Durch das hauseigene Labor, die Radiologie und im Bedarfsfall das Vorhandensein einer anästhesiologischen Betreuung, können Behandlungswege und -zeiten kurzgehalten werden. Dadurch ist der Ambulanzbesuch weniger belastend. Ergänzend dazu ist auch ein behutsamer Umgang mit den PatientInnen von großer Bedeutung, wie Dr.in Katharina Reich, Ärztliche Direktorin des Krankenhauses der Barmherzigen Brüder Wien, bestätigt: „Beeinträchtige Menschen haben häufig Angst vor einem Arztbesuch. Denn eine fremde Umgebung verunsichert sie und kann zu Panik führen. Das alles können sie jedoch oft verbal nicht ausdrücken. Wir nehmen uns viel Zeit für die Behandlungen, machen, falls notwendig auch Pausen, lachen miteinander und reden vor allem viel mit den Patientinnen und Patienten. Das alles beruhigt unsere beeinträchtigten Patientinnen und Patienten und wir konnten so schon oft eine Untersuchung durchführen, die anfangs unmöglich erschien.“

 

Die Mehrfachbehindertenambulanz bemüht sich um eine regelmäßige Abstimmung mit den behandelnden niedergelassenen ÄrztInnen und arbeitet eng mit den Behinderteneinrichtungen und dem Dachverband Wiener Sozialeinrichtungen zusammen. Zuletzt wurde gemeinsam an der Entwicklung der GeKo-Wien Pässe und Mappen gearbeitet.  

 

 

Projekt zum GeKo-Wien

Um Personen mit intellektueller und Mehrfachbehinderung gut betreuen und behandeln zu können, bedarf es intensiver Kommunikation und der Zusammenarbeit aller Beteiligten. Dazu gehört unter anderem die einfache Weitergabe relevanter Informationen für die Behandlung. Hier setzt ein weiteres Projekt der Wiener Landeszielsteuerungskommission an: GeKo-Wien Pässe und Mappen. Die Abkürzung GeKo steht für Gesundheit und Kommunikation. Mit der Umsetzung war der Dachverband Wiener Sozialeinrichtungen beauftragt. „Kernstück sind eigens konzipierte Pässe und Mappen, in denen die wichtigsten Informationen über die Patientin oder den Patienten gesammelt werden“, informiert Reischl.

 

Gedacht sind die Pässe und Mappen vor allem für Menschen mit intellektueller Behinderung und für Personen mit Kommunikationsschwierigkeiten.

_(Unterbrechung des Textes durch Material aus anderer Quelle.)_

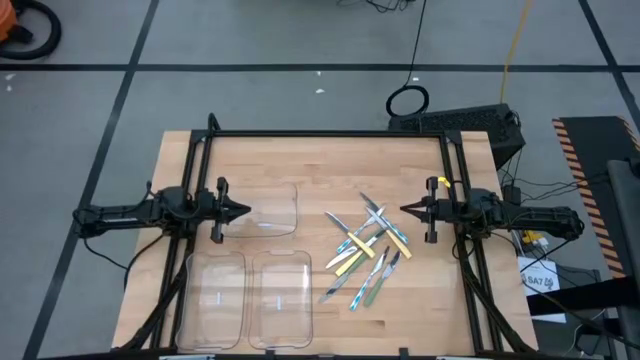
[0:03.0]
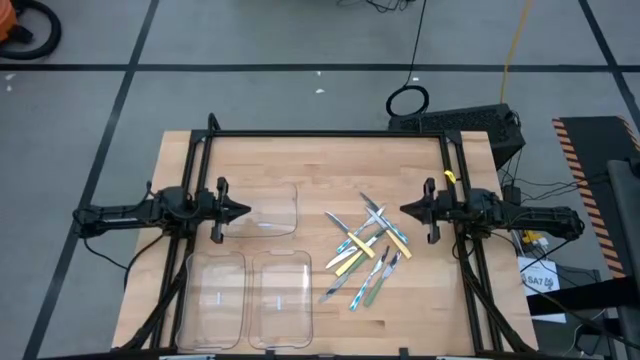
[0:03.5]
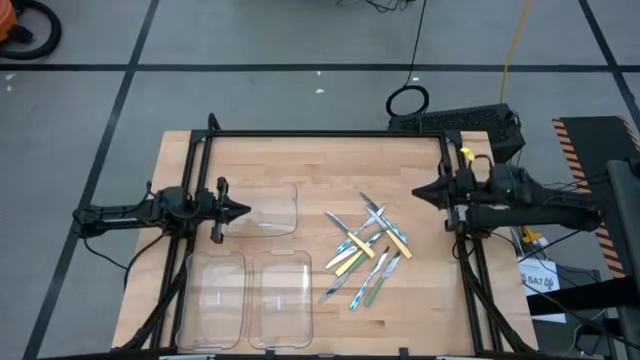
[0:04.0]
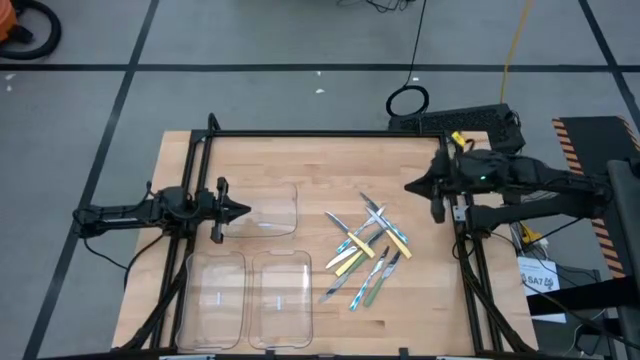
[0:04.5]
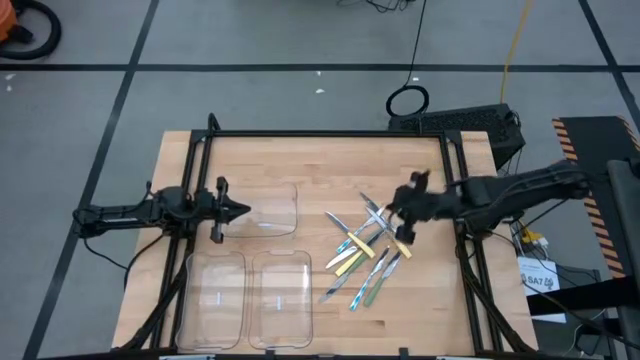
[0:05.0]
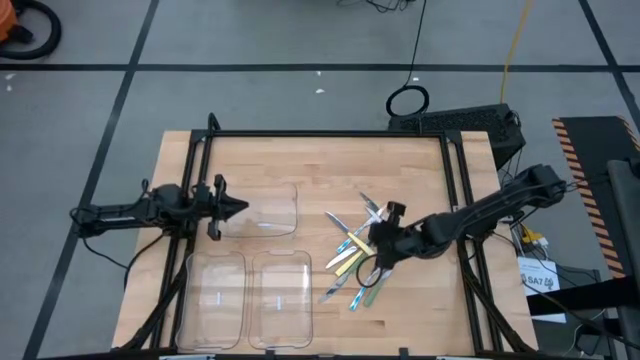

In der GeKo-Wien Mappe und im GeKo-Wien Pass können medizinische Informationen, aber auch Informationen zur Person, zu ihren Kompetenzen und Bedürfnissen durch die Betroffenen selbst, ihre Angehörigen oder Betreuungspersonen gesammelt werden. Dazu ergänzt Reischl:  „Ärztinnen und Ärzte und Therapeutinnen und Therapeuten erhalten so auf einen Blick alle wichtigen Informationen über die Krankheiten und Bedürfnisse ihres neuen Patienten. Die Behandlung wird so erleichtert.“

 

Der Dachverband hat weiters Qualifizierungsmodule für Berufsgruppen in der Gesundheitsversorgung und Betreuung von Menschen mit intellektueller Behinderung und Mehrfachbehinderung erarbeitet, die gerade implementiert werden.